The Second District Court of Appeals has reinstated a lawsuit alleging that the product labeling of Back to Nature Foods Co.’s Stoneground Wheat Crackers is deceptive and misleading, finding that the plaintiff made sufficient factual allegations. Venticinque v. Back to Nature Foods Co., LLCNo. 23-1236 (2d Cir., entered July 12, 2024). The plaintiff alleged that the labeling of the products misleads consumers into believing that the crackers are made predominantly with organic whole wheat flour, when in fact the primary ingredient is unbleached enriched organic wheat flour.

The case was dismissed by a lower court after it concluded that the plaintiff had not adequately shown that a reasonable consumer could be misled by the labeling. The Second Circuit Court of Appeals disagreed, comparing the case in question to an earlier case involving similar claims in which the court found that “a reasonable consumer cannot be expected to consult the Nutrition Facts panel on the side of the package to correct misleading information that appears in large, bold letters on the front of the package.”
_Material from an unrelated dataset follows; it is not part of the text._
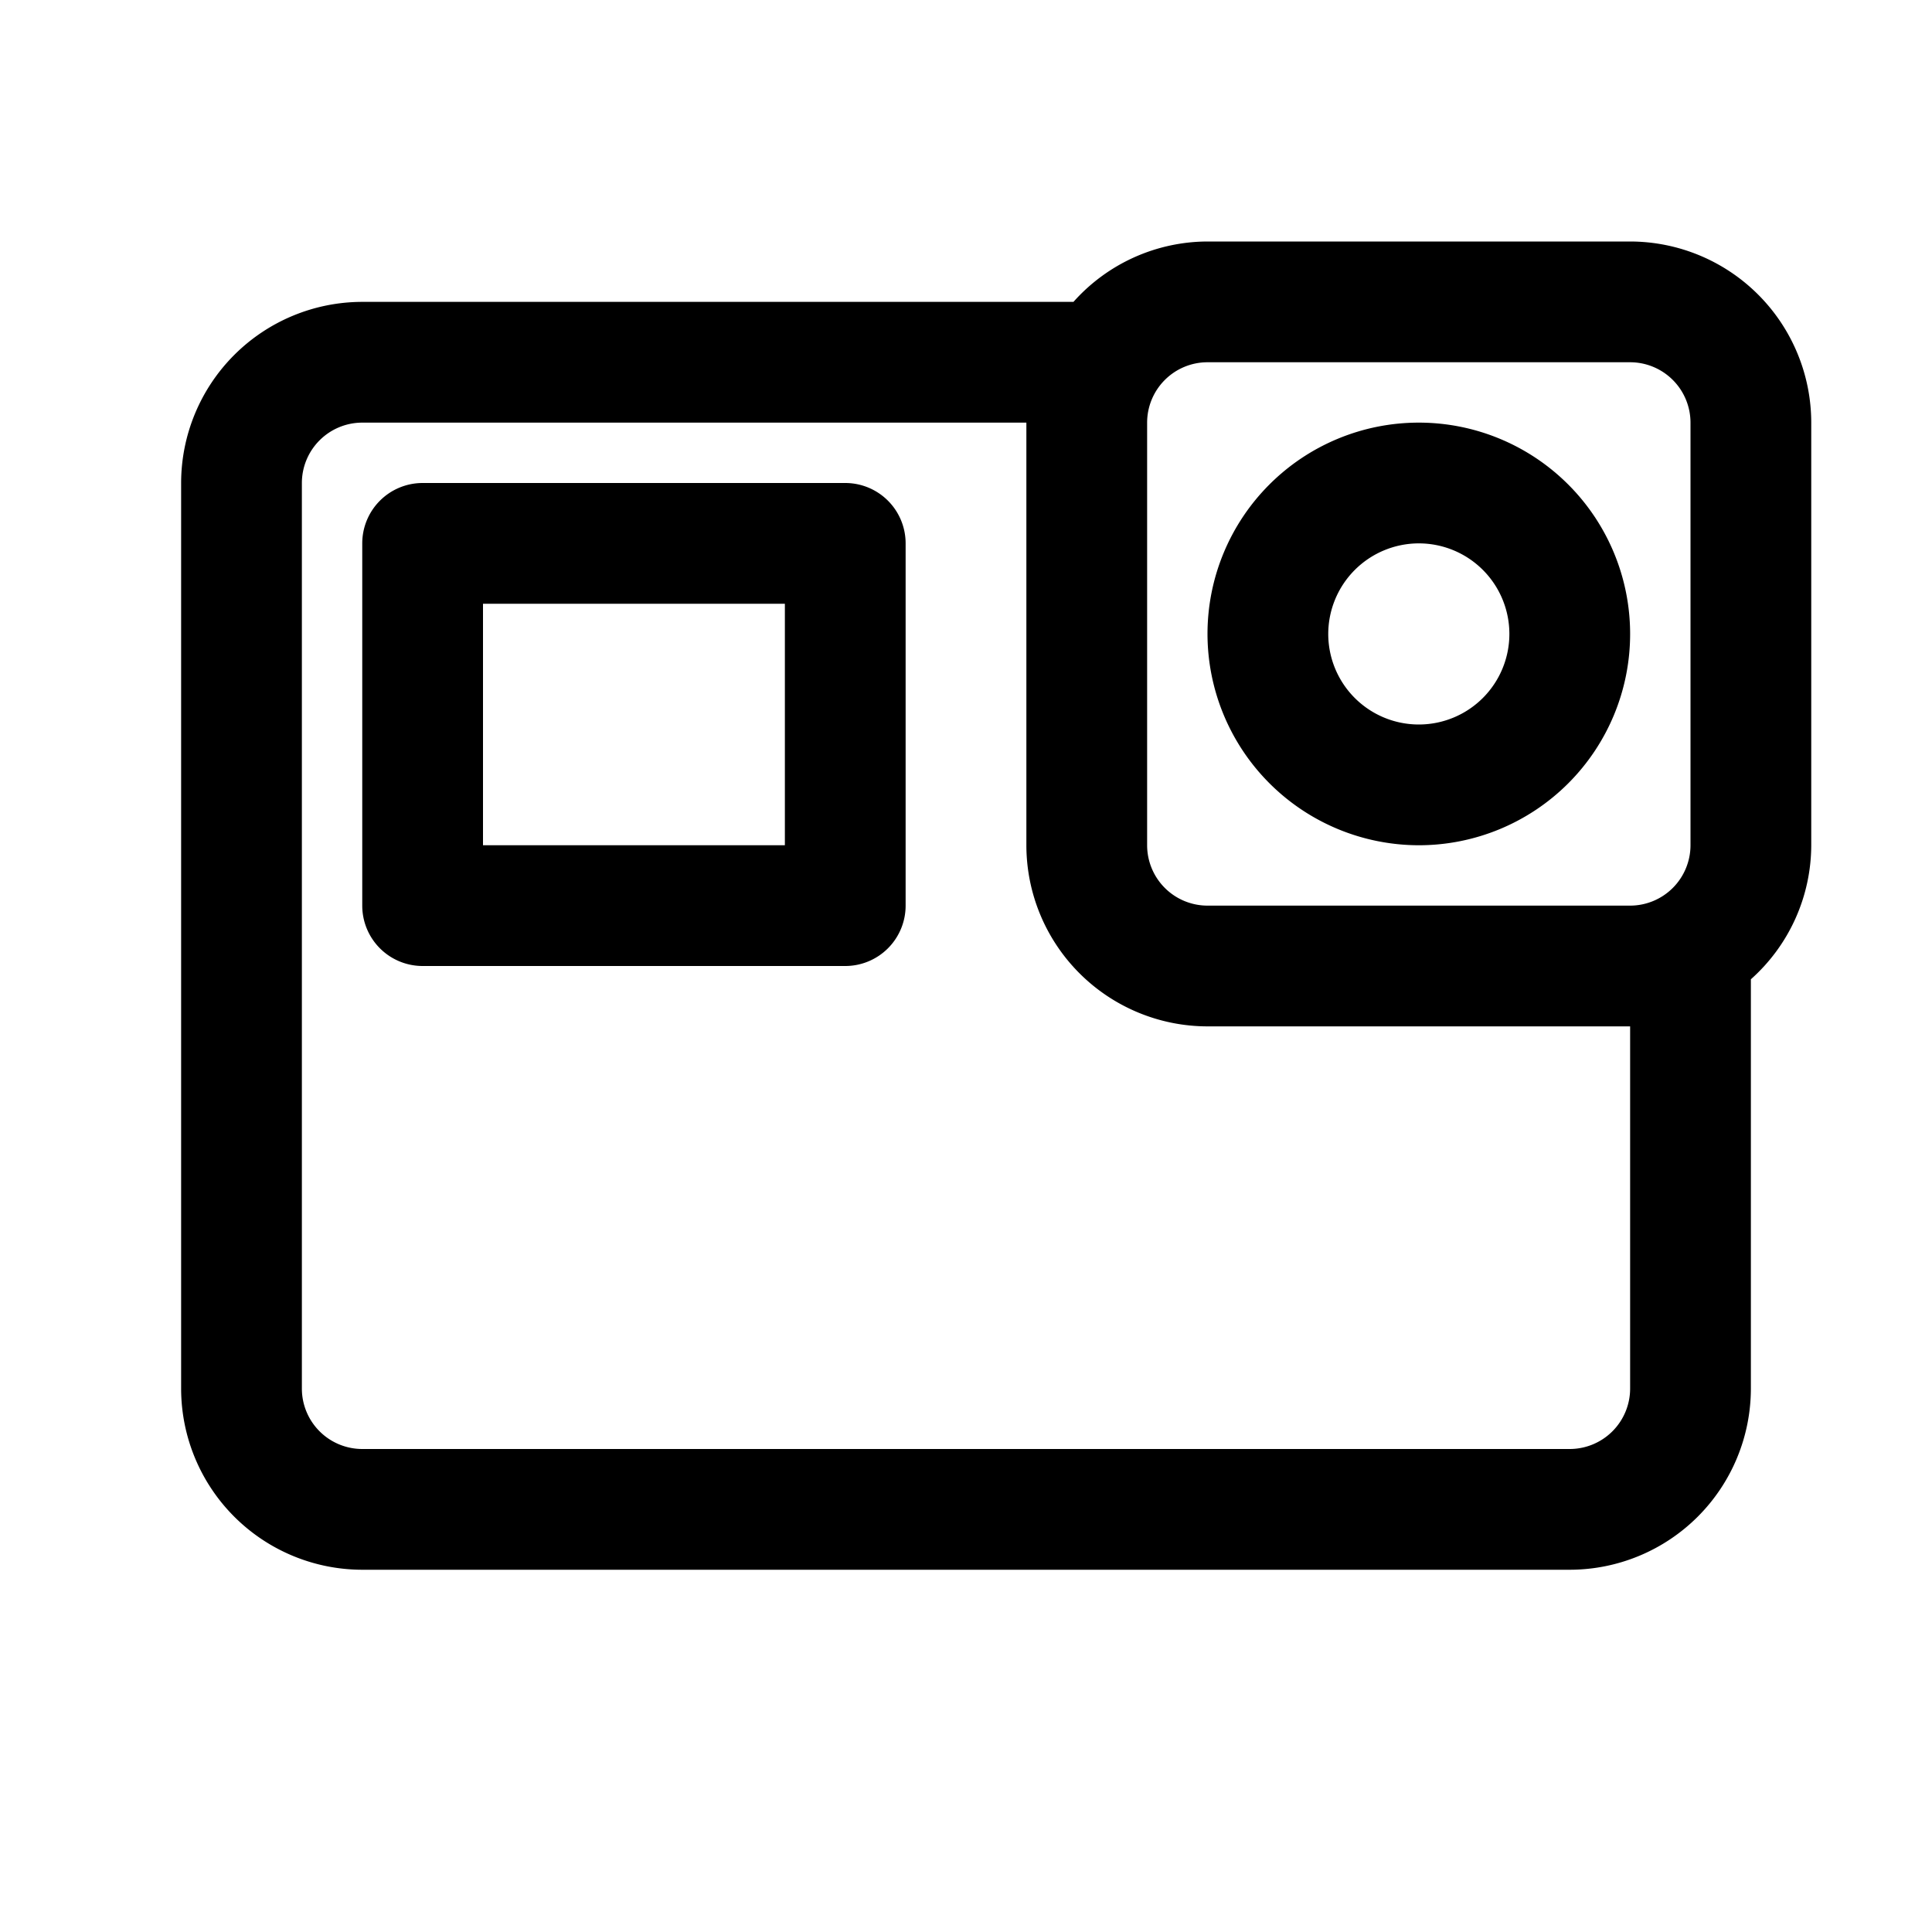 <?xml version="1.0" encoding="UTF-8"?> <svg xmlns="http://www.w3.org/2000/svg" viewBox="0 0 32 32" width="512" height="512"><g id="_01" data-name="01"><path d="M29,23V16.22A2.982,2.982,0,0,0,30,14V7a3.003,3.003,0,0,0-3-3H20a2.982,2.982,0,0,0-2.22,1H6A3.003,3.003,0,0,0,3,8V23a3.003,3.003,0,0,0,3,3H26A3.003,3.003,0,0,0,29,23ZM19,7a1.001,1.001,0,0,1,1-1h7a1.001,1.001,0,0,1,1,1v7a1.001,1.001,0,0,1-1,1H20a1.001,1.001,0,0,1-1-1ZM5,23V8A1.001,1.001,0,0,1,6,7H17v7a3.003,3.003,0,0,0,3,3h7v6a1.001,1.001,0,0,1-1,1H6A1.001,1.001,0,0,1,5,23Z"></path><path d="M23.5,14A3.5,3.5,0,1,0,20,10.5,3.504,3.504,0,0,0,23.5,14Zm0-5A1.5,1.5,0,1,1,22,10.5,1.502,1.502,0,0,1,23.5,9Z"></path><path d="M14,8H7A1,1,0,0,0,6,9v6a1,1,0,0,0,1,1h7a1,1,0,0,0,1-1V9A1,1,0,0,0,14,8Zm-1,6H8V10h5Z"></path></g></svg>

Consumers claim that Enfagrow drinks for young children contain illegal health claims

Mead Johnson & Co. and Reckitt Benckiser LLC are accused of mislabeling Enfagrow products by making prohibited nutrient claims on the product packaging. Garland v. Mead Johnson & Co.No. 24-1168 (S.D. Cal., filed July 5, 2024). Plaintiffs allege that the Enfagrow Premium and Enfagrow NeuroPro Toddler Nutritional Drink products are intended for children under two years of age, but federal regulations prohibit nutrient content claims for children in that age group. The claims in question include “Immune Health Dual Prebiotics and Vitamins,” “Supports Brain Development Omega-3 DHA and Iron,” and “22 Nutrients to Support Growth.” Plaintiffs argue that “by repeating parents’ nutritional concerns and inserting claims and graphics related to brain development and immune health, Defendants trick and mislead consumers into purchasing their products out of fear that a diet without the products will be nutritionally inadequate for their toddlers.”

History of Flamin’ Hot Cheetos disputed in legal dispute

Richard Montañez has filed a lawsuit accusing PepsiCo Inc. and Frito-Lay Inc. of conducting a “smear campaign” by claiming he was not the inventor of Flamin’ Hot Cheetos. Montañez v. PepsiCo Inc.No. CIVRS2400356 (Cal. Super. Ct., San Bernadino Cty., Rancho Cucamonga Dist., filed July 18, 2024). Montañez claims the companies were “more than happy to use Mr. Montañez’s story to increase sales and popularity of the product” by sending him on a speaking tour across the United States where he “delivered speeches that PepsiCo/Frito-Lay reviewed and approved.” In 2021, the companies “made an inexplicable about-face,” Montañez claims, by sending the author of a Los Angeles Times An article titled “The Man Who Didn’t Invent Flamin’ Hot Cheetos” states that company records show no evidence that Montañez was “involved in any capacity in the test market for Flamin’ Hot” and that Montañez’s version of events is an “urban legend.”

After the article, Montañez said, he will no longer be hired to speak as frequently — down from about 35 per year to four in 2024. “For decades, Mr. Montañez lived the American dream. Now he is living the American nightmare. After years of praising Mr. Montañez as a sales engine, Defendants’ recent about-face — which can only be explained by a combination of regime change, spite and deep-seated racism — exemplifies the worst part of American history and demonstrates an attitude that says Latinos without higher education cannot be responsible for the success of a billion-dollar brand.”

Montañez alleges violation of the Fair Employment and Housing Act, fraud, defamation, intentional interference with future economic benefits, unjust enrichment, and a violation of California’s Unfair Competition Law.